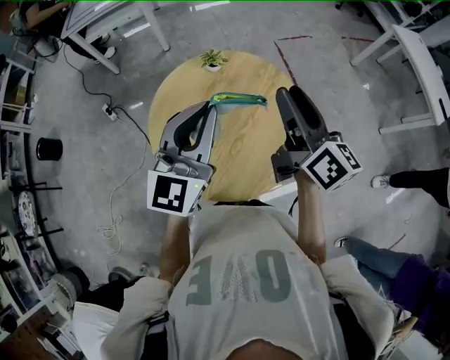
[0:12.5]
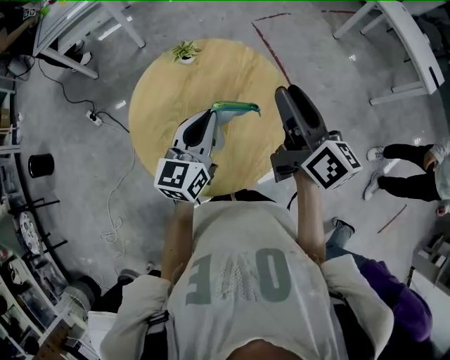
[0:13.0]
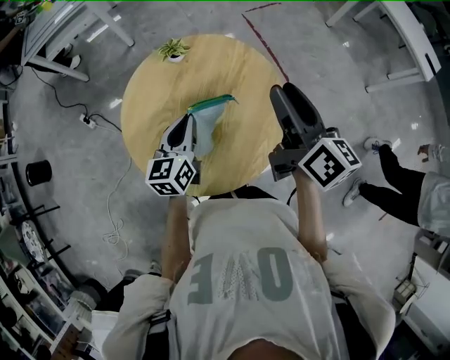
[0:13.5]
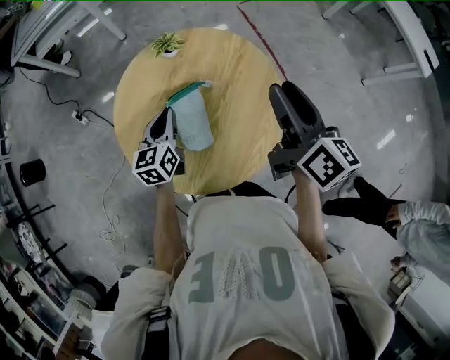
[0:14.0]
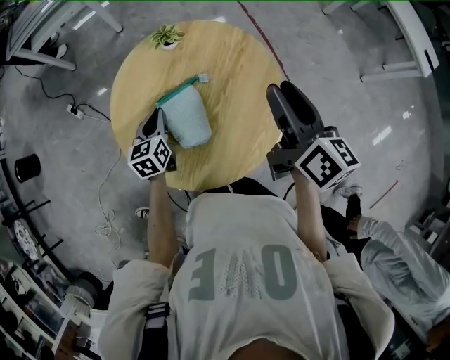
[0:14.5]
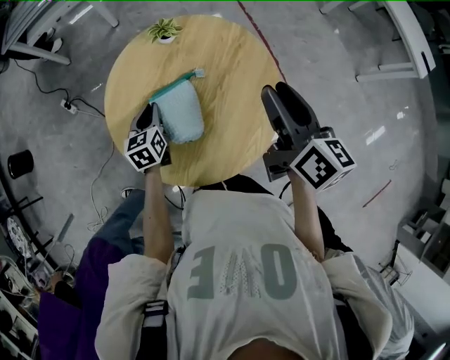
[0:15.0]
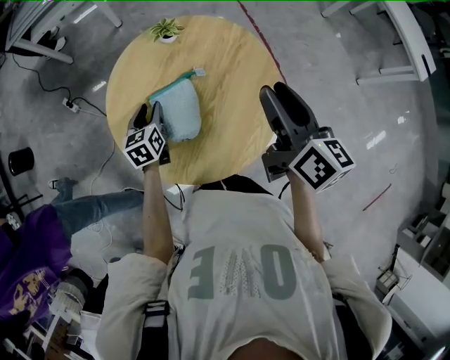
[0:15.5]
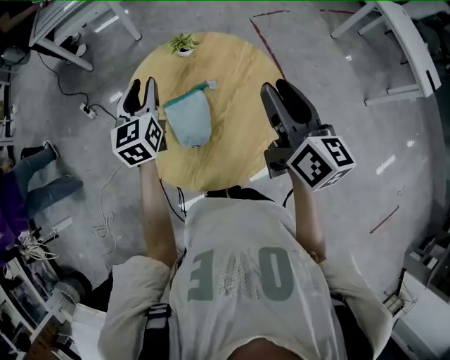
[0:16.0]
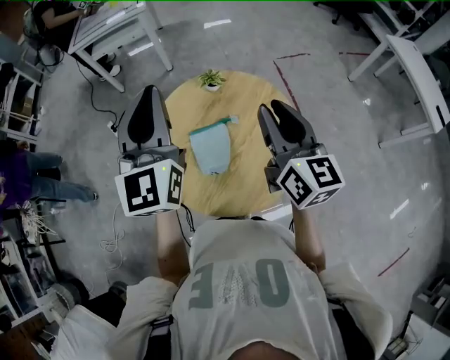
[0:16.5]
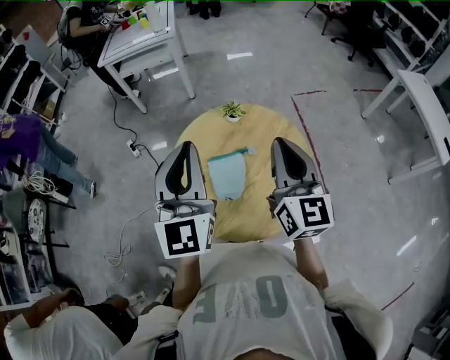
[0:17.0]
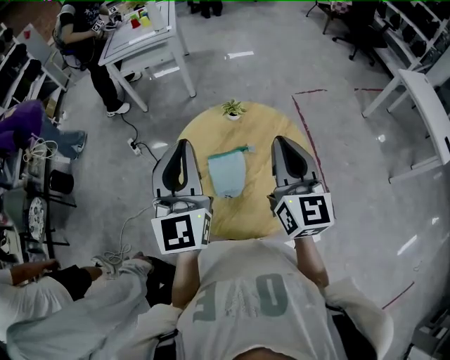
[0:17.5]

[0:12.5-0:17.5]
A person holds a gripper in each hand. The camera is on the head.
0:12.5 to 0:15.0: The right gripper shifts some 10 cm downward; the left gripper moves downward, about 35 cm, and points its fingers about 40 degrees further downward.
0:15.0 to 0:17.5: The left gripper moves upward, roughly 40 cm, tilts its fingers about 40 degrees upward, and opens, then closes again, while the right gripper moves upward and to the left, roughly 15 cm, turns by about 30 degrees, and closes up.

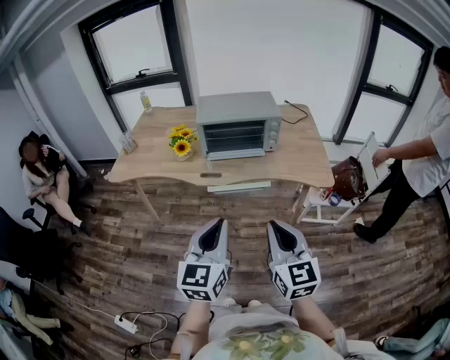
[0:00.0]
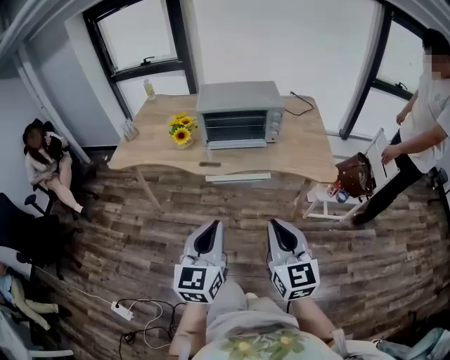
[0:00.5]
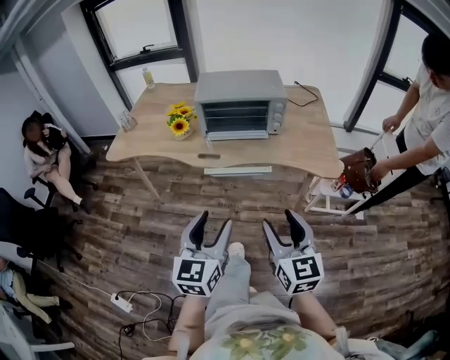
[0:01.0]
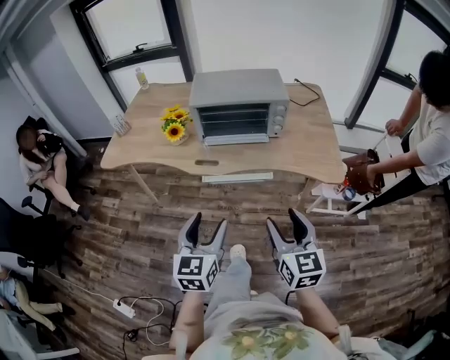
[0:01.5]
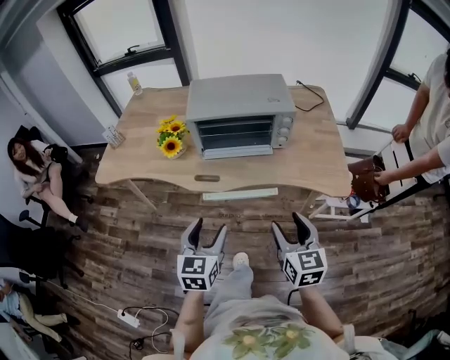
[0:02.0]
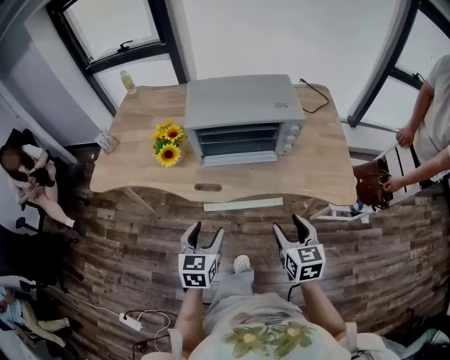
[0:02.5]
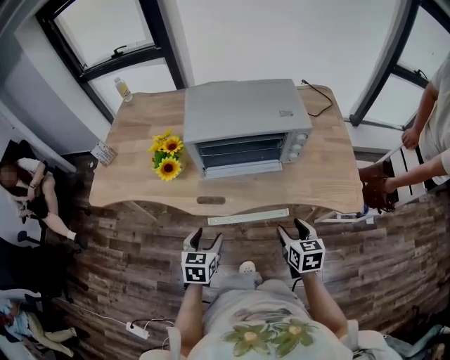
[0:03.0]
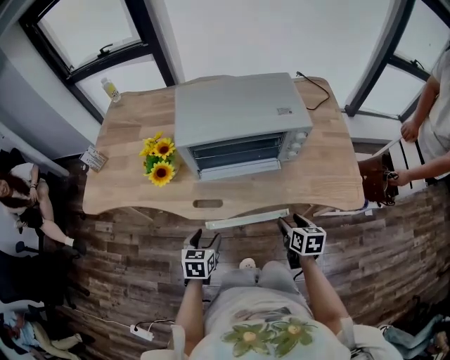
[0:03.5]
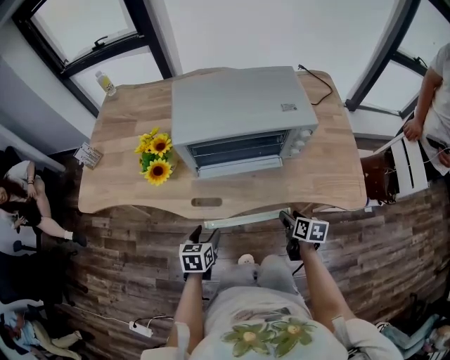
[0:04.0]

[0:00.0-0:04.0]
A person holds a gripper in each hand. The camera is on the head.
0:00.0 to 0:02.0: Both grippers move forward and downward, some 25 cm. The left gripper opens. The right gripper opens its fingers.
0:02.0 to 0:04.0: The two grippers go some 30 cm downward and forward. The right gripper swivels about 40 degrees. Meanwhile the left gripper rotates approximately 30 degrees.
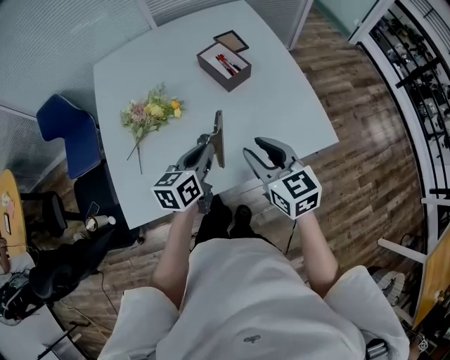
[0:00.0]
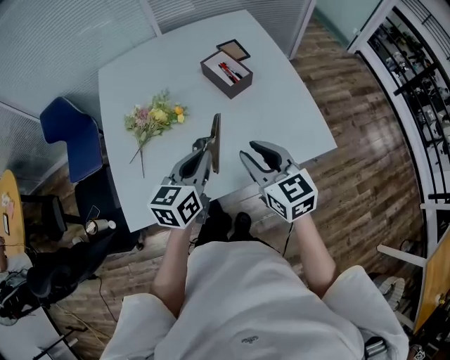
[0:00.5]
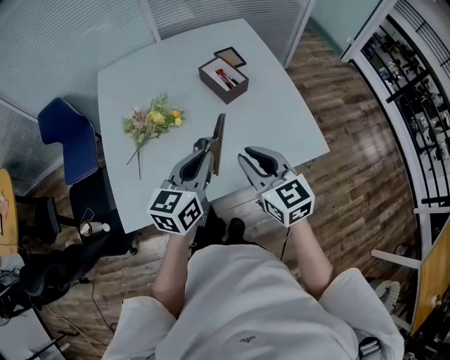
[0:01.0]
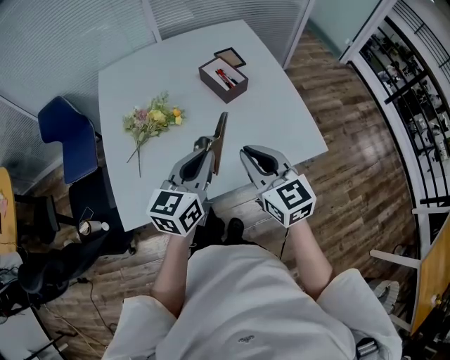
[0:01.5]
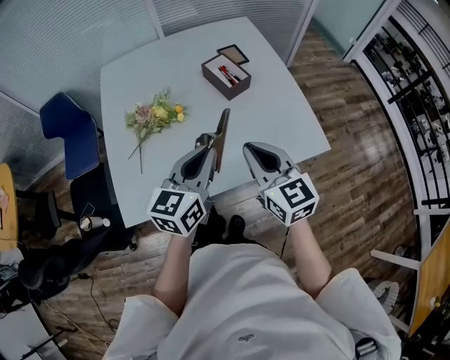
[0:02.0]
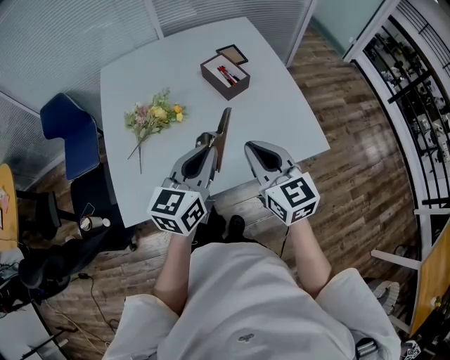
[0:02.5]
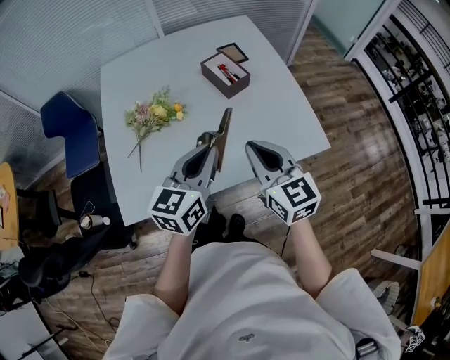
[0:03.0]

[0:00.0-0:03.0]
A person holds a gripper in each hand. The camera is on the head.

PROBLEM → The material should be returned verbatim, with all images omitted.

EXERCISE RESULT →
[0:12.5]
[0:13.0]
[0:13.5]
[0:14.0]
[0:14.5]
[0:15.0]
[0:15.5]
[0:16.0]
[0:16.5]
[0:17.0]
[0:17.5]

[0:12.5-0:17.5]
A person holds a gripper in each hand. The camera is on the head.
0:12.5 to 0:15.0: The right gripper shifts some 10 cm downward; the left gripper moves downward, about 35 cm, and points its fingers about 40 degrees further downward.
0:15.0 to 0:17.5: The left gripper moves upward, roughly 40 cm, tilts its fingers about 40 degrees upward, and opens, then closes again, while the right gripper moves upward and to the left, roughly 15 cm, turns by about 30 degrees, and closes up.

[0:00.0]
[0:00.5]
[0:01.0]
[0:01.5]
[0:02.0]
[0:02.5]
[0:03.0]
[0:03.5]
[0:04.0]

[0:00.0-0:04.0]
A person holds a gripper in each hand. The camera is on the head.
0:00.0 to 0:02.0: Both grippers move forward and downward, some 25 cm. The left gripper opens. The right gripper opens its fingers.
0:02.0 to 0:04.0: The two grippers go some 30 cm downward and forward. The right gripper swivels about 40 degrees. Meanwhile the left gripper rotates approximately 30 degrees.
[0:00.0]
[0:00.5]
[0:01.0]
[0:01.5]
[0:02.0]
[0:02.5]
[0:03.0]

[0:00.0-0:03.0]
A person holds a gripper in each hand. The camera is on the head.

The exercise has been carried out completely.